Beijing launched an investigation into Alibaba, and Ant Group, the company’s finance unit, was called to meet with banking watchdogs to discuss financial rules. In other words, Alibaba must play by Chinese rules.
U.S.-listed Alibaba shares were hit by the news, falling 13.3% on Dec. 24 to $ 34.18. That’s the biggest daily percentage decline since the company went public in 2014, and is offset by a 30% drop from the stock’s late-October peak. “It’s too much,” Raymond James analyst Aaron Kessler said of Thursday’s sale, adding that shares are still strong buyers.
Shares are up almost 5% so far this year.
Alibaba’s infiltration is very different from how the shares of U.S. tech giants threaten the ongoing threat from anti-trust allegations in recent years.
Sections of
Alphabet
(GOOGL), Google’s parent, is up about 13% from Oct. 19, the day before the Department of Justice and various states filed a lawsuit accusing Alphabet of operating an illegal monopoly. The Nasdaq has collected 11% in the same race. Sections of
Facebook
(FB) is down about 4% since Dec. 9, when the company was hit by a similar lawsuit. Facebook has gained about 30% a year so far, and Alphabet is up 29%.
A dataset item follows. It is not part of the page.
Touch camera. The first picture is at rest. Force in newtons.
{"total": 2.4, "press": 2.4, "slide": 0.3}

Investors seem to be betting that nothing will come of the U.S. lawsuit – or that the biggest U.S. tech companies might be worth as much, or more, if they break up. In China, however, the government is the law. If it has a problem with Alibaba, Alibaba has a problem.
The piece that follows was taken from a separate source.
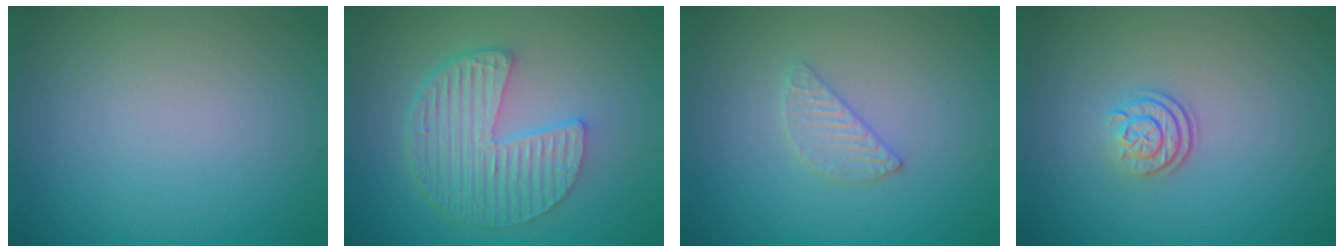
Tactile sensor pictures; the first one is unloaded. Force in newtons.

China is not only targeting Alibaba – they are also targeting Ma, which controls Ant Financial, which was awarded an initial $ 34 billion public offering planned for its last month after the agreement went awry from the Chinese authorities. Alibaba and Ant said in separate statements that they would cooperate with regulators.
China released draft antimonopoly rules last month, designed to resume in major internet companies. Regulators are now looking into Alibaba’s use of banning arrangements with buyers who sell on their e-commerce platform, preventing them from operating through competitors such as
JD.com
(JD).
Kessler, analyst Raymond James, says the tricky part with Alibaba will be measuring its hit to revenue, if that. And Chinese regulators are likely to go after other companies, he says.
Analysts predict that Alibaba will report $ 106 billion in sales for the fiscal year ending March 2021, according to FactSet. That would be a 49% increase from fiscal year 2020. Kessler said Barron’s that nationwide e-commerce sales are growing at a rate of 20% in China. Alibaba’s practices do not seem to be hurting competitors, ”he says.
Trade risk could still be an issue for U.S. investors in China. President Donald Trump’s prices on Chinese goods were rolling many businesses. Investors still don’t know how the Biden administration will handle China. “Trading has been a struggle,” said Rich Sega, Conning’s chief global investment strategy. He is hopeful that there will be a more friendly trade policy under Biden, which Sega believes is “less likely to use tariffs as a tool.”
Reshma Kapadia contributed to this article.